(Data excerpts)
-- Opening Marker --
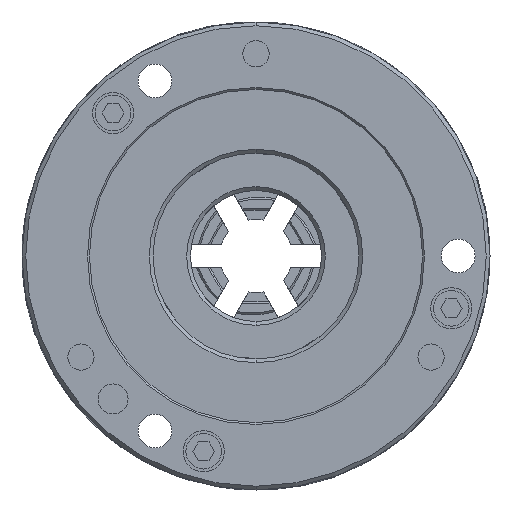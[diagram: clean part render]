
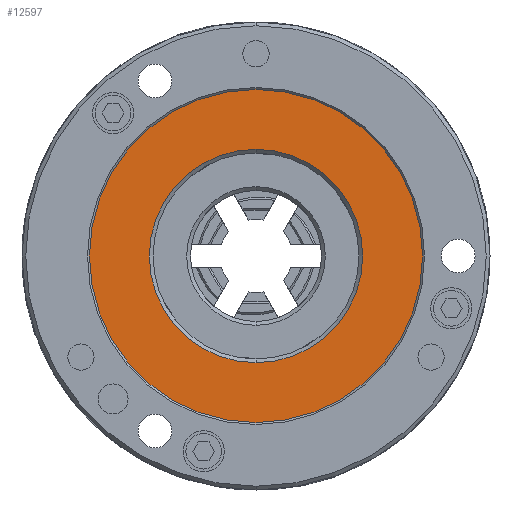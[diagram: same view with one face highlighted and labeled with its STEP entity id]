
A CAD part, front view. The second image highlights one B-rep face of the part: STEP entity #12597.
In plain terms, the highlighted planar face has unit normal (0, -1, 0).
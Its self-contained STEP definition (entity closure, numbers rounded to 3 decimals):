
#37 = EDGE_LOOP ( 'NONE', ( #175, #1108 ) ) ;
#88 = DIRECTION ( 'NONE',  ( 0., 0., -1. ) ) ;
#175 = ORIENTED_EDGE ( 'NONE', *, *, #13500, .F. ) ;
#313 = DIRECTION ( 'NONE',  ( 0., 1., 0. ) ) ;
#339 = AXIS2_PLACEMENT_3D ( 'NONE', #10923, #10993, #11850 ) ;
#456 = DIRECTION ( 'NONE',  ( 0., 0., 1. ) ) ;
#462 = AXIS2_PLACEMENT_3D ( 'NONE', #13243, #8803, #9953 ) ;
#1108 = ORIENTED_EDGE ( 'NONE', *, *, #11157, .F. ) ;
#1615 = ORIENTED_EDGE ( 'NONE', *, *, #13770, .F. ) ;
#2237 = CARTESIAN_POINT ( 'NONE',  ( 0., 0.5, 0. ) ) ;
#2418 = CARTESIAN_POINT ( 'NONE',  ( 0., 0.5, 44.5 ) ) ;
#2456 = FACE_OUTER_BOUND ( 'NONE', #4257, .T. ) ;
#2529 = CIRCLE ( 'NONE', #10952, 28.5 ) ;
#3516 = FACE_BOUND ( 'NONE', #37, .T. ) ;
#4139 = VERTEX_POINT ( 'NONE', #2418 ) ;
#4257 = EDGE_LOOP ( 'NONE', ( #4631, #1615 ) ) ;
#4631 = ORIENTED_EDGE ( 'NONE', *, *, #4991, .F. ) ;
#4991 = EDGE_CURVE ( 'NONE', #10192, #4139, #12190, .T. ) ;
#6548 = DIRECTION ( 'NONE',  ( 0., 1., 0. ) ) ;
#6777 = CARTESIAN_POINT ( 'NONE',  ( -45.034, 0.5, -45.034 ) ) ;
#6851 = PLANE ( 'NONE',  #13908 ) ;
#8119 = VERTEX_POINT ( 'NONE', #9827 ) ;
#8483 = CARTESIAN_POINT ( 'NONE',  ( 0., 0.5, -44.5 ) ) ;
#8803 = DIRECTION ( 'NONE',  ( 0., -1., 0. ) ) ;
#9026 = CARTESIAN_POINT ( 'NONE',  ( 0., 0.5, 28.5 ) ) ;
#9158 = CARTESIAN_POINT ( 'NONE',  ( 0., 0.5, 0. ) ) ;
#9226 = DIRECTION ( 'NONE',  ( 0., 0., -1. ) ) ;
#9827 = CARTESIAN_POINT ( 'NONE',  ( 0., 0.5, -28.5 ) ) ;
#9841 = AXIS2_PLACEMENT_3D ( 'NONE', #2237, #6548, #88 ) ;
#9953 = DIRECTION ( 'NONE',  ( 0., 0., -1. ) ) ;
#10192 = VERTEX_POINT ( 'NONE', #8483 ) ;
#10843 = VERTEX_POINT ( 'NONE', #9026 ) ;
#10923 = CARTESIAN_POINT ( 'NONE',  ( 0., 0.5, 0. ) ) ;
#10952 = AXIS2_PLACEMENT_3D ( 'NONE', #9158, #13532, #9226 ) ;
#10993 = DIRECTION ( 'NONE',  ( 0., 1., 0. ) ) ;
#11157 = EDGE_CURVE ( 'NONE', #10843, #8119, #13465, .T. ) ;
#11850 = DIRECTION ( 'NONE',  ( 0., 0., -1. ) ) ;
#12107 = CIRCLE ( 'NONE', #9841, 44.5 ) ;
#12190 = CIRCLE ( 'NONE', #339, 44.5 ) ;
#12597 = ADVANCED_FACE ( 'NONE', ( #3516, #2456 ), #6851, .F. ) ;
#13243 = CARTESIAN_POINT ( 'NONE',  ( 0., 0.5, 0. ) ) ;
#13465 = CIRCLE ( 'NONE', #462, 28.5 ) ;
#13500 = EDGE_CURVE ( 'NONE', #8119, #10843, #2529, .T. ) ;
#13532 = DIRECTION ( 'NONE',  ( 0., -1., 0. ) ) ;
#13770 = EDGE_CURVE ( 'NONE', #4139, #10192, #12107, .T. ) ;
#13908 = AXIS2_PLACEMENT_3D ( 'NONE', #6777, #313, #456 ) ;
-- Closing Marker --
-- Opening Marker --
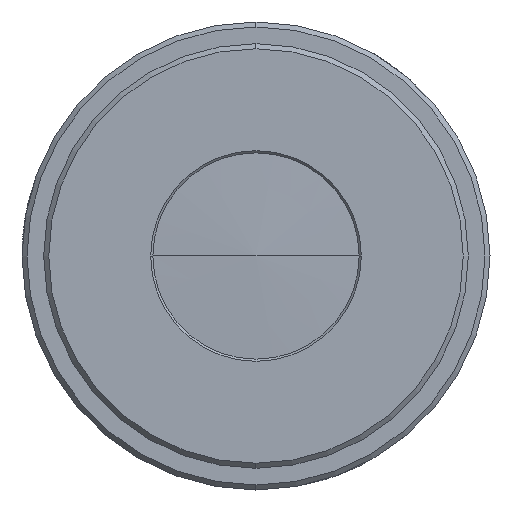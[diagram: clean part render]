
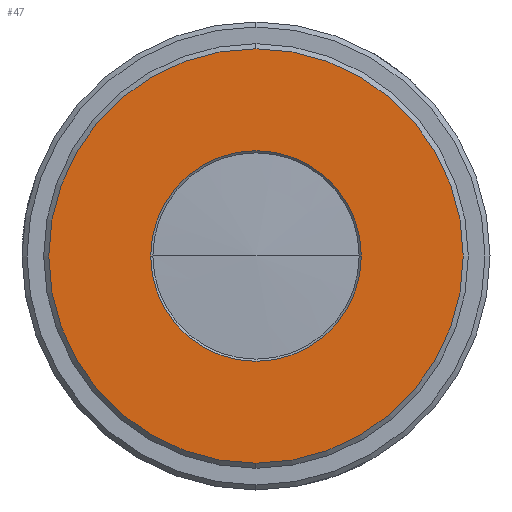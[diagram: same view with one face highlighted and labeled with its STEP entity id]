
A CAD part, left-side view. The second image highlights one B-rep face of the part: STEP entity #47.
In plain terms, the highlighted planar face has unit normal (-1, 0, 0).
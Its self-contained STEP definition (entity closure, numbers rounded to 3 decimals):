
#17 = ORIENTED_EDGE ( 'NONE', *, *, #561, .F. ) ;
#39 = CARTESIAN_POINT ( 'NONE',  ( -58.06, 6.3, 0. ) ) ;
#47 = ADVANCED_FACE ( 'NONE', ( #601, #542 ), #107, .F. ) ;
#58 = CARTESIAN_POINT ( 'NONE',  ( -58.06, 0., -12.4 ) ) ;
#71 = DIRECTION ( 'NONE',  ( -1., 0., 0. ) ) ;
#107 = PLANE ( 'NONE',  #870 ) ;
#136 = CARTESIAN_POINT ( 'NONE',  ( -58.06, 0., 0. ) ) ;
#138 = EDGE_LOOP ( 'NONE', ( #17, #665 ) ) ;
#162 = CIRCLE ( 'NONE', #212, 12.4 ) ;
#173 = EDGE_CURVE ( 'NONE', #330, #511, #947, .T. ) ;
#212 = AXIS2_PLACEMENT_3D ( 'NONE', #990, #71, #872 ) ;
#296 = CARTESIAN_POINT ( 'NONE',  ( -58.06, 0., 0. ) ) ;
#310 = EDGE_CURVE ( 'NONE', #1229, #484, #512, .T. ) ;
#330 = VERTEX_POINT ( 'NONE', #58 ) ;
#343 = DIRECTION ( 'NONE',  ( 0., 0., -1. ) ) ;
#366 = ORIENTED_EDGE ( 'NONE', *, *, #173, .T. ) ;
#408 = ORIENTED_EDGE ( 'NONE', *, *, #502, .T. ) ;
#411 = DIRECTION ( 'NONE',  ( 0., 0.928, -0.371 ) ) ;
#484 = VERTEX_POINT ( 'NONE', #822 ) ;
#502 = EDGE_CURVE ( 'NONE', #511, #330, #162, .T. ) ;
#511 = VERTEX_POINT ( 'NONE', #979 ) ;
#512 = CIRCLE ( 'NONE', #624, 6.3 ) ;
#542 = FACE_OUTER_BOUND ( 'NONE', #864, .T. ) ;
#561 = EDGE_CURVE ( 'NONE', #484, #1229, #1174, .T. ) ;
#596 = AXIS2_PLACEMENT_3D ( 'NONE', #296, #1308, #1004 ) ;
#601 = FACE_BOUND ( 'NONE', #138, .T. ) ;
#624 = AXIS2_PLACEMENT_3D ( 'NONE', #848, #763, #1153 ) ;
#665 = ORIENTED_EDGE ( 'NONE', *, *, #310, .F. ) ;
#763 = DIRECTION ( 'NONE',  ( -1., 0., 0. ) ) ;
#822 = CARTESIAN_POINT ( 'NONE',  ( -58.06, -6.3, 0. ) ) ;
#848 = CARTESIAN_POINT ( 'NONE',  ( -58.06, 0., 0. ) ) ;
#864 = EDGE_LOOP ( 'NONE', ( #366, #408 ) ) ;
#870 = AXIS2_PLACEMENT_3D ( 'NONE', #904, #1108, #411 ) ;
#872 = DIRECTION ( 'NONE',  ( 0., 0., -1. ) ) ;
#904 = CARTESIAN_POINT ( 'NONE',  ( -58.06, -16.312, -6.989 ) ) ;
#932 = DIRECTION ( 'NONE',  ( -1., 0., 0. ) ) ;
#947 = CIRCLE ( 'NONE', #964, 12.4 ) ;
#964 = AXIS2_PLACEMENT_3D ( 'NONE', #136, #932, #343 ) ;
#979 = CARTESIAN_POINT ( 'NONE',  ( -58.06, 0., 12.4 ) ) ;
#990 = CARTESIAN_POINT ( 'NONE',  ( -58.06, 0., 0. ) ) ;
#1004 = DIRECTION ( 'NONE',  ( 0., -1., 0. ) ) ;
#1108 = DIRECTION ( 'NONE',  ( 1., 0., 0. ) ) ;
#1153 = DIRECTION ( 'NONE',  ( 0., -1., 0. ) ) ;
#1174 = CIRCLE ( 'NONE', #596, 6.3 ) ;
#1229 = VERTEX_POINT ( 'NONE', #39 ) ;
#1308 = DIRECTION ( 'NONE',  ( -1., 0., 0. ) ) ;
-- Closing Marker --
• WORK INSTRUCTIONS
Check each line of the entries for "unit" and copy those that have it.

• EXERCISE RESULT
In plain terms, the highlighted planar face has unit normal (0, -1, 0).
In plain terms, the highlighted planar face has unit normal (-1, 0, 0).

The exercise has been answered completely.